Task to carry out:
Leave the images out. Give every line below again, precisely.

*** Opening of Data in this exercise ***

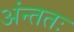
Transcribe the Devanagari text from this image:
अंन्ततः
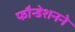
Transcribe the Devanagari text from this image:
फौन्डेशनने
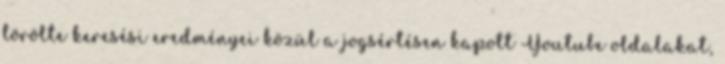
törölte keresési eredményei közül a jogsértésen kapott Youtube oldalakat,
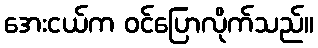
အေးငယ်က ဝင်ပြောလိုက်သည်။
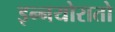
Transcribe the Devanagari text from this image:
इन्नयोरातो
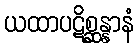
ယထာပဋိစ္ဆန္နာနံ
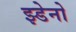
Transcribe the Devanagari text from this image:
झ्डेनो
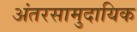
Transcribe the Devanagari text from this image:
अंतरसामुदायिक
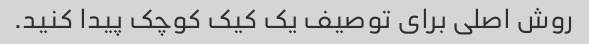
روش اصلی برای توصیف یک کیک کوچک پیدا کنید.
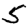
Digit: 5
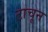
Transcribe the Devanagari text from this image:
टाचून
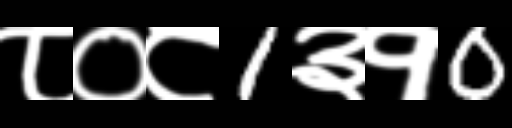
Text: ८०८1३१0
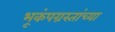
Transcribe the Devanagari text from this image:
भूकंपग्रस्तांच्या
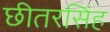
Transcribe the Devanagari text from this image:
छीतरसिंह
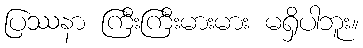
ပြဿနာ ကြီးကြီးမားမား မရှိပါဘူး။
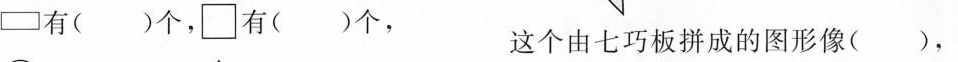
\Box 有( )个，\Box 有( )个，这个由七巧板拼成的图形像( )，
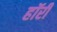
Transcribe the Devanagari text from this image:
हॉरी
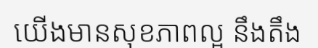
យើងមានសុខភាពល្អ នឹងតឹង
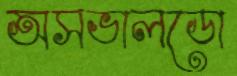
অসভালডো
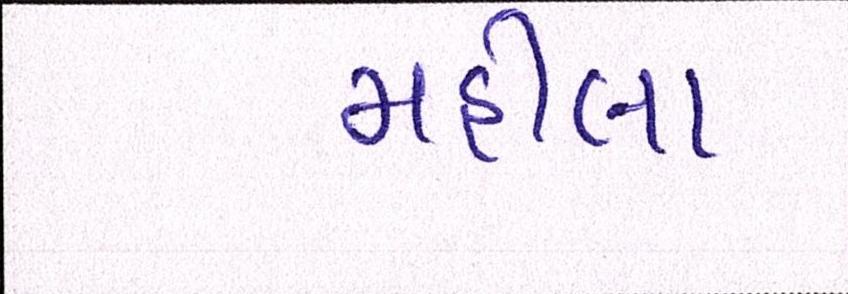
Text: મહીલા
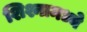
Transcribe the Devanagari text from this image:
शिश्नामध्ये
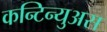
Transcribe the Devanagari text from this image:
कन्टिन्युअस
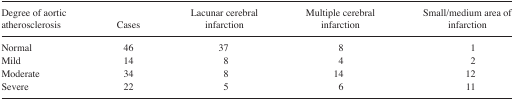
<table><thead><tr><td><b>Degree of aortic atherosclerosis</b></td><td><b>Cases</b></td><td><b>Lacunar cerebral infarction</b></td><td><b>Multiple cerebral infarction</b></td><td><b>Small/medium area of infarction</b></td></tr></thead><tbody><tr><td>Normal</td><td>46</td><td>37</td><td>8</td><td>1</td></tr><tr><td>Mild</td><td>14</td><td>8</td><td>4</td><td>2</td></tr><tr><td>Moderate</td><td>34</td><td>8</td><td>14</td><td>12</td></tr><tr><td>Severe</td><td>22</td><td>5</td><td>6</td><td>11</td></tr></tbody></table>
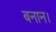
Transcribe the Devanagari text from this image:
बनान।
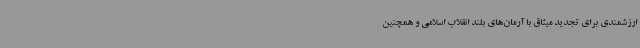
ارزشمندی برای تجدید میثاق با آرمان‌های بلند انقلاب اسلامی و همچنین
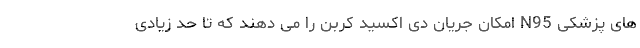
های پزشکی N95 امکان جریان دی اکسید کربن را می دهند که تا حد زیادی
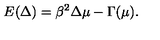
E ( \Delta ) = \beta ^ { 2 } \Delta \mu - \Gamma ( \mu ) .
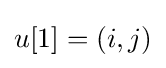
u[1]=(i,j)
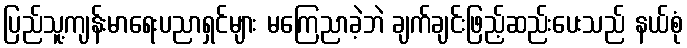
ပြည်သူ့ကျန်းမာရေးပညာရှင်များ မကြေညာခဲ့ဘဲ ချက်ချင်းဖြည့်ဆည်းပေးသည် နယ်စုံ
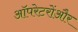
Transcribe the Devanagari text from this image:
ऑपरेटरोंऔर
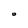
Character: 0
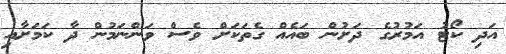
އަދި ކޯޓު އަމުރުގެ ދަށުން ބައެއް ގެތަކަށް ވެސް ވަންނަމުން ދާ ކަމަށާއި
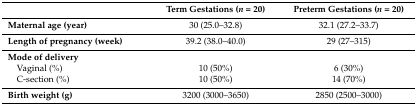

*** Close of Data in this exercise ***

Answer to the exercise:
Transcribe the Devanagari text from this image:
अंन्ततः
Transcribe the Devanagari text from this image:
फौन्डेशनने
törölte keresési eredményei közül a jogsértésen kapott Youtube oldalakat,
အေးငယ်က ဝင်ပြောလိုက်သည်။
Transcribe the Devanagari text from this image:
इन्नयोरातो
ယထာပဋိစ္ဆန္နာနံ
Transcribe the Devanagari text from this image:
झ्डेनो
Transcribe the Devanagari text from this image:
अंतरसामुदायिक
روش اصلی برای توصیف یک کیک کوچک پیدا کنید.
Digit: 5
Transcribe the Devanagari text from this image:
टाचून
Text: ८०८1३१0
Transcribe the Devanagari text from this image:
भूकंपग्रस्तांच्या
Transcribe the Devanagari text from this image:
छीतरसिंह
ပြဿနာ ကြီးကြီးမားမား မရှိပါဘူး။
\Box 有( )个，\Box 有( )个，这个由七巧板拼成的图形像( )，
Transcribe the Devanagari text from this image:
हॉरी
យើងមានសុខភាពល្អ នឹងតឹង
অসভালডো
Text: મહીલા
Transcribe the Devanagari text from this image:
शिश्नामध्ये
Transcribe the Devanagari text from this image:
कन्टिन्युअस
<table><thead><tr><td><b>Degree of aortic atherosclerosis</b></td><td><b>Cases</b></td><td><b>Lacunar cerebral infarction</b></td><td><b>Multiple cerebral infarction</b></td><td><b>Small/medium area of infarction</b></td></tr></thead><tbody><tr><td>Normal</td><td>46</td><td>37</td><td>8</td><td>1</td></tr><tr><td>Mild</td><td>14</td><td>8</td><td>4</td><td>2</td></tr><tr><td>Moderate</td><td>34</td><td>8</td><td>14</td><td>12</td></tr><tr><td>Severe</td><td>22</td><td>5</td><td>6</td><td>11</td></tr></tbody></table>
Transcribe the Devanagari text from this image:
बनान।
ارزشمندی برای تجدید میثاق با آرمان‌های بلند انقلاب اسلامی و همچنین
های پزشکی N95 امکان جریان دی اکسید کربن را می دهند که تا حد زیادی
E ( \Delta ) = \beta ^ { 2 } \Delta \mu - \Gamma ( \mu ) .
u[1]=(i,j)
ပြည်သူ့ကျန်းမာရေးပညာရှင်များ မကြေညာခဲ့ဘဲ ချက်ချင်းဖြည့်ဆည်းပေးသည် နယ်စုံ
Transcribe the Devanagari text from this image:
ऑपरेटरोंऔर
Character: 0
އަދި ކޯޓު އަމުރުގެ ދަށުން ބައެއް ގެތަކަށް ވެސް ވަންނަމުން ދާ ކަމަށާއި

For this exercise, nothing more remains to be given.